Apache Hive is an open source data warehouse platform originally built on top of Hadoop by Facebook. Hive makes the work of data scientists easier by introducing a language similar to SQL, called HiveQL. Hive takes a query written in HiveQL, does the parsing and analyzing and if possible, optimizes the query using several optimization strategies. Finally, it creates a Hadoop job and executes it on the platform. Currently, not only MapReduce can be used as an execution engine; Hive can even work on Apache Spark or Apache Tez.
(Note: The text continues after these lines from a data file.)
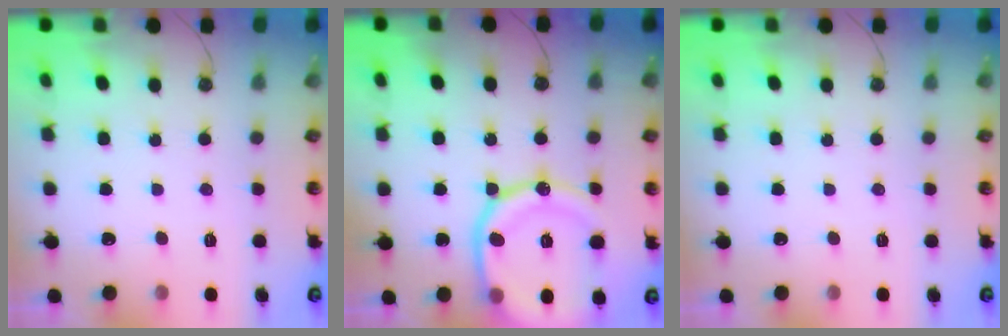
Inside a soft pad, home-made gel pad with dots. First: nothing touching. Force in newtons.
{"total": 19.0, "press": 18.9, "slide": 2.0}
{"total": 0.0}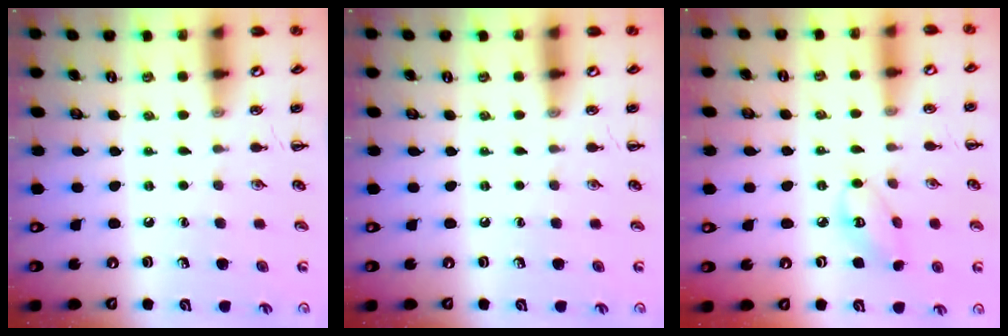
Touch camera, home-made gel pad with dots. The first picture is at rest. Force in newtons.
{"total": 0.0}
{"total": 4.2, "press": 4.1, "slide": 0.8}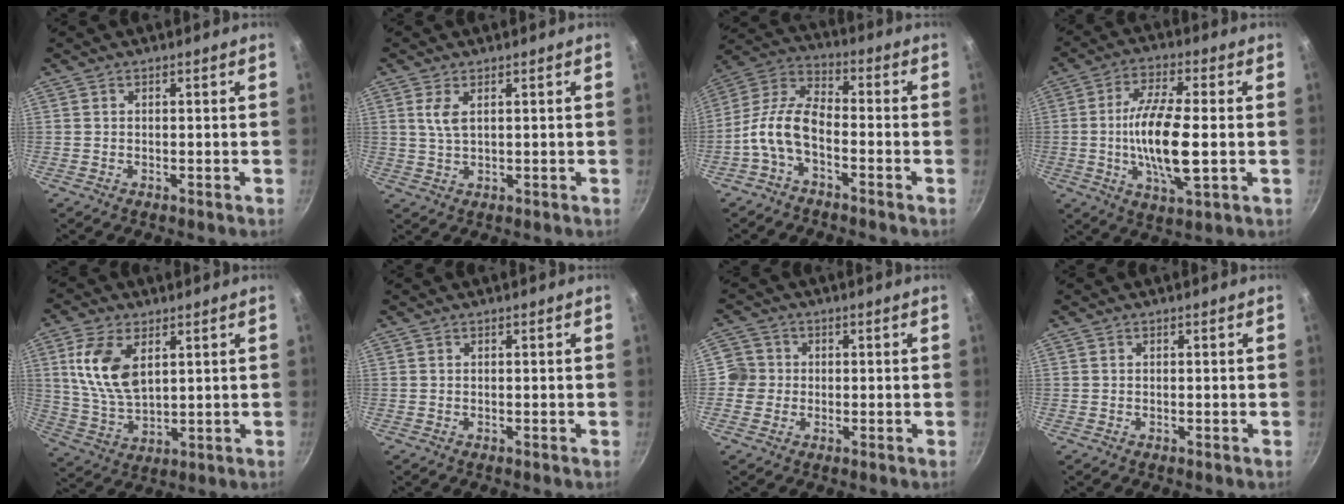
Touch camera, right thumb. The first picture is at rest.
{"total": 3.5, "force": [1.2, 1.5, 2.9], "torque": [-0.059, -0.008, 0.026]}
{"total": 10.2, "force": [-3.9, 5.2, 7.9], "torque": [-0.158, 0.048, -0.093]}
{"total": 14.0, "force": [-1.0, 4.3, 13.3], "torque": [-0.257, 0.004, -0.023]}
{"total": 12.1, "force": [3.9, 6.7, 9.2], "torque": [-0.174, -0.020, 0.083]}
{"total": 0.0}
{"total": 4.2, "force": [-0.4, 4.1, 0.7], "torque": [0.022, 0.008, -0.018]}
{"total": 0.0}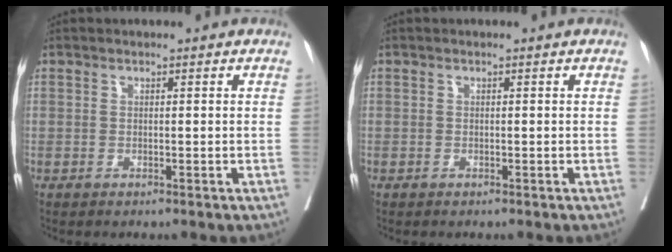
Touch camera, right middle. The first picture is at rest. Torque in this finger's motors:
{"motor_torque": [1.11, -1.03, 0.03, -0.21]}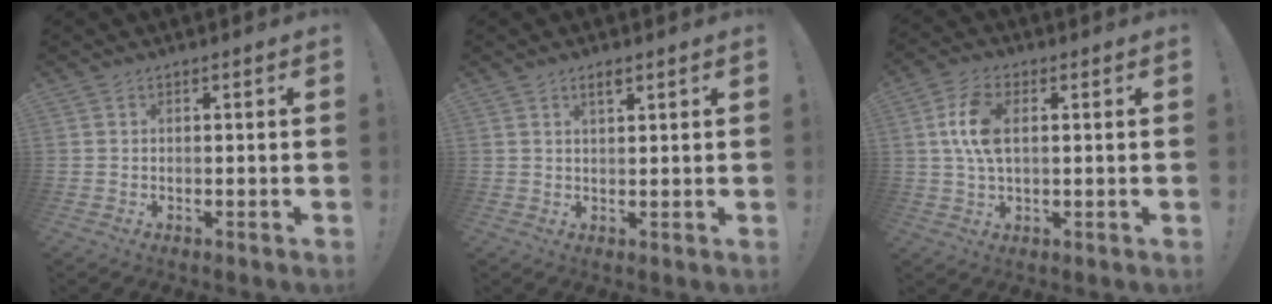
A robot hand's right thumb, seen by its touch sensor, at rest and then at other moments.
{"total": 2.3, "force": [1.5, 0.8, 1.7], "torque": [-0.022, -0.006, 0.023]}
{"total": 9.5, "force": [1.8, 5.5, 7.5], "torque": [-0.150, 0.003, 0.032]}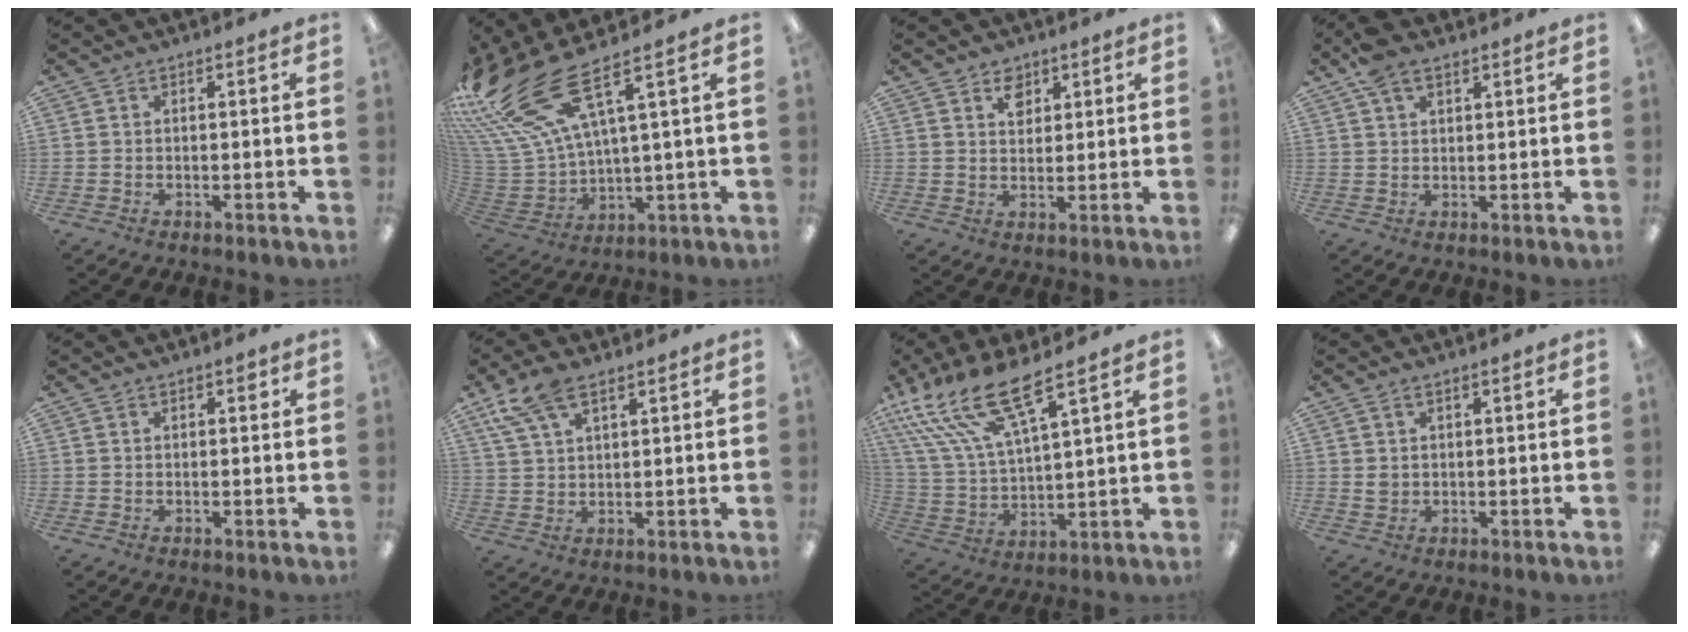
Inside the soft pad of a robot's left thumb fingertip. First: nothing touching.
{"total": 20.6, "force": [12.0, 8.2, 14.6], "torque": [-0.302, -0.075, 0.213]}
{"total": 4.6, "force": [3.0, 3.2, 1.3], "torque": [-0.005, -0.010, 0.051]}
{"total": 5.7, "force": [3.7, 2.8, 3.4], "torque": [-0.066, -0.007, 0.068]}
{"total": 1.3, "force": [0.8, 0.6, 0.8], "torque": [-0.009, 0.001, 0.012]}
{"total": 9.0, "force": [5.9, 3.9, 5.5], "torque": [-0.110, -0.016, 0.111]}
{"total": 17.5, "force": [12.4, 4.6, 11.5], "torque": [-0.260, -0.072, 0.217]}
{"total": 2.1, "force": [1.1, 1.5, 1.0], "torque": [-0.015, 0.001, 0.016]}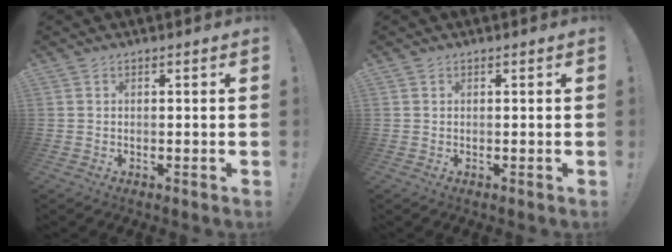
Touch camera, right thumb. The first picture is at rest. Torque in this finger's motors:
{"motor_torque": [-0.17, -0.01, -0.39, 0.27, -0.02]}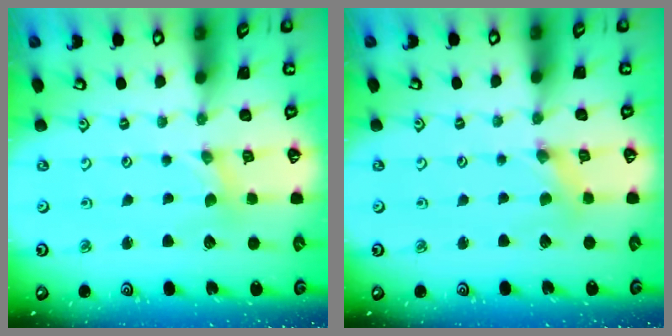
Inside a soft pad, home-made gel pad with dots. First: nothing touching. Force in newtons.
{"total": 1.6, "press": 1.6, "slide": 0.3}

Hive faces memory problems under certain circumstances. HiveServer2 is one of the main components of Hive and it often crashes due to Out Of Memory (OOM) errors. In my thesis, I aim to build a basic model to understand why and when the memory usage of HiveServer2 rises and find memory-related problems or wastes.
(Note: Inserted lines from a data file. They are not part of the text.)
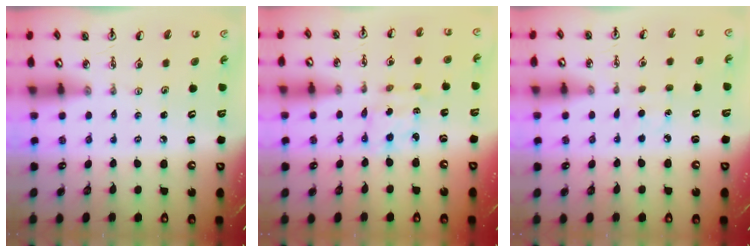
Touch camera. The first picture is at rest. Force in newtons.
{"total": 2.3, "press": 2.2, "slide": 0.7}
{"total": 4.5, "press": 4.5, "slide": 0.5}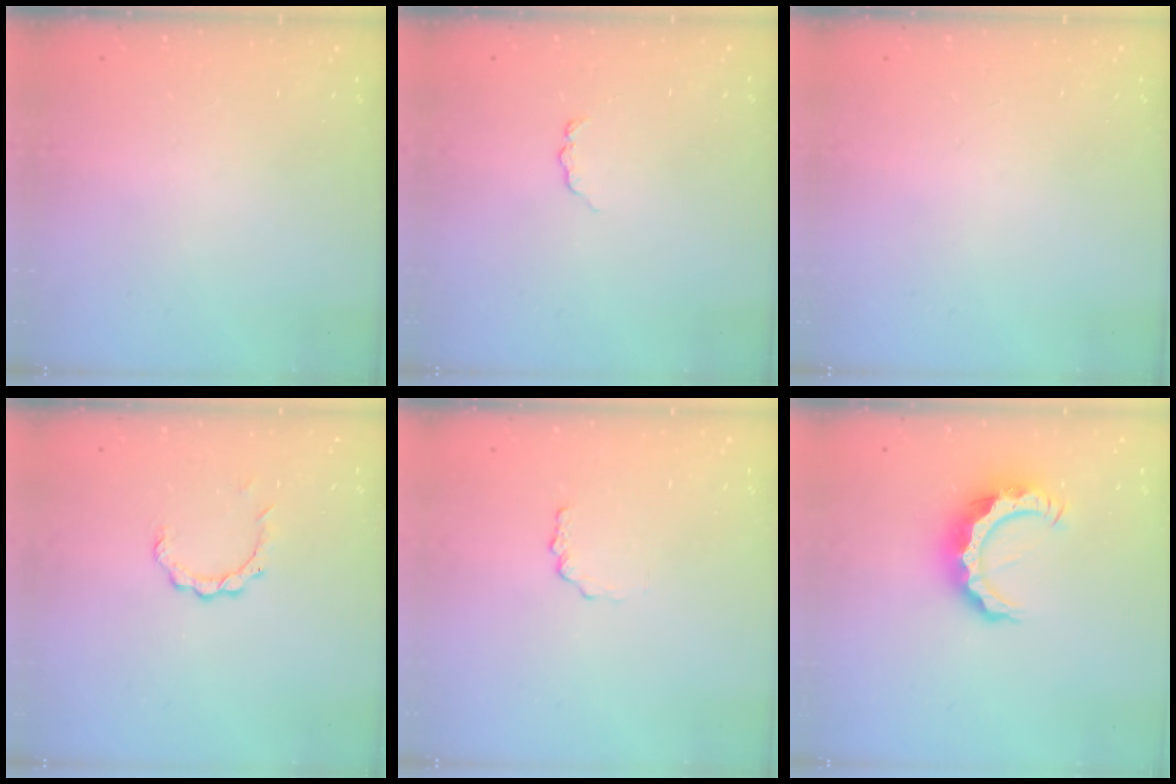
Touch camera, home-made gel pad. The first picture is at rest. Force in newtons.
{"total": 2.9, "press": 2.9, "slide": 0.4}
{"total": 0.0}
{"total": 3.6, "press": 3.6, "slide": 0.3}
{"total": 1.0, "press": 1.0, "slide": 0.2}
{"total": 10.5, "press": 10.4, "slide": 1.2}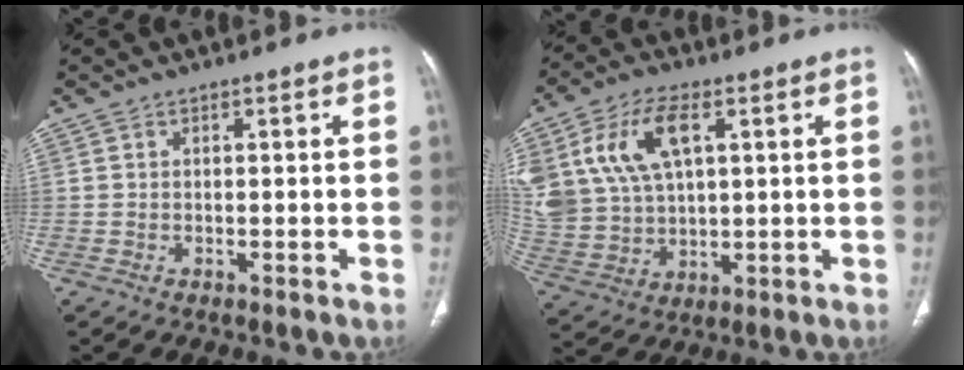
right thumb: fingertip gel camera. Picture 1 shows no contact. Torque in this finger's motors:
{"motor_torque": [0.30, 0.39, 1.15, 0.99, 0.50]}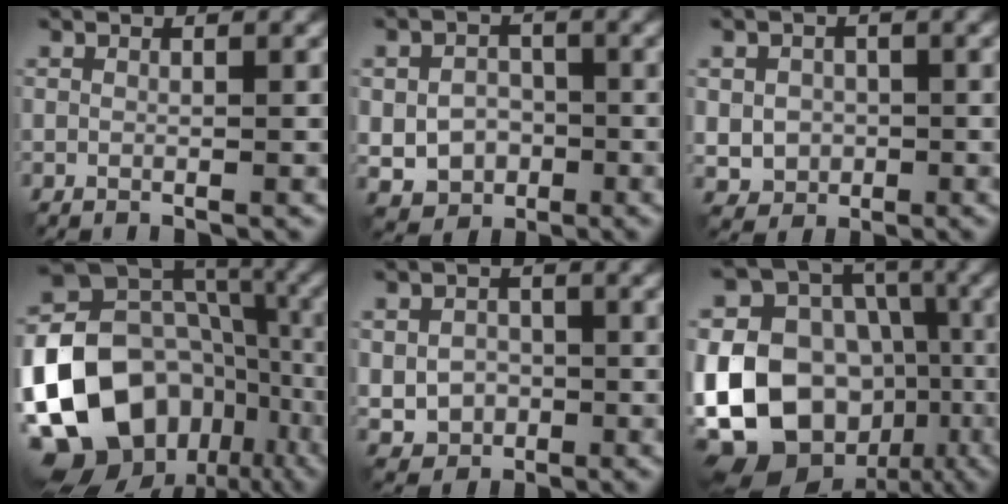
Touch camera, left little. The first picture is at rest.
{"total": 4.5, "force": [-1.0, 3.6, 2.4], "torque": [-0.047, -0.006, -0.019]}
{"total": 3.4, "force": [-0.2, 3.0, 1.5], "torque": [-0.024, -0.003, -0.004]}
{"total": 20.1, "force": [-6.2, 15.9, 10.5], "torque": [-0.218, -0.001, -0.110]}
{"total": 3.6, "force": [-0.6, 3.0, 1.8], "torque": [-0.036, -0.005, -0.011]}
{"total": 18.3, "force": [-4.5, 14.4, 10.3], "torque": [-0.196, -0.003, -0.083]}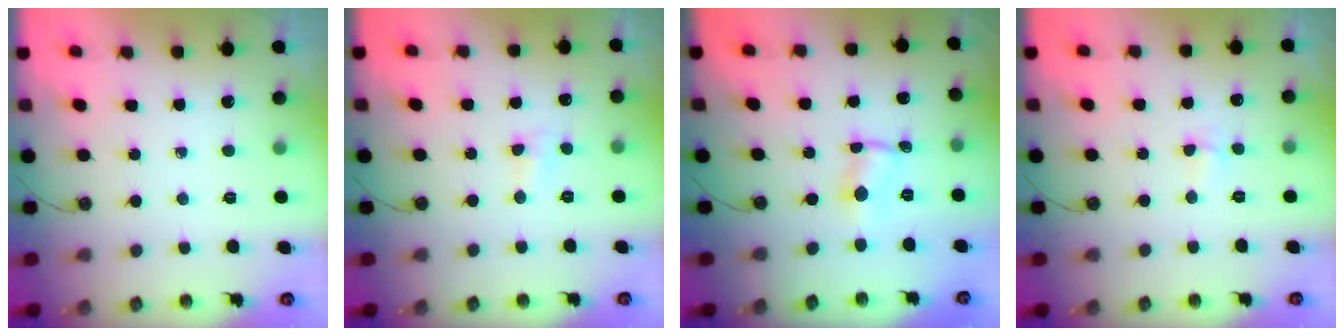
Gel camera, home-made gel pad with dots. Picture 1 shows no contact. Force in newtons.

To be able to build a model, I created a basic tool for getting memory information and generating heap dumps automatically during the life of a query. With the help of my tool and other memory analysis tools, I generated and analyzed many heap dumps. I was able to identify two issues that can cause a lot of pressure on heap memory. One of the issues is introduced by HDFS (the distributed file system of Hadoop), therefore touching Hadoop was also necessary. For both memory issues, I suggested a possible solution and created an implementation that can help to eliminate memory overheads. These patches required multiple tests: local, simple performance testing and scalable benchmarking on a data center cluster. The issues identified are still ongoing and currently under investigation since the HDFS patch might introduce unexpected CPU overhead which is hard to detect, so deciding whether this tradeoff is negligible requires a thorough testing.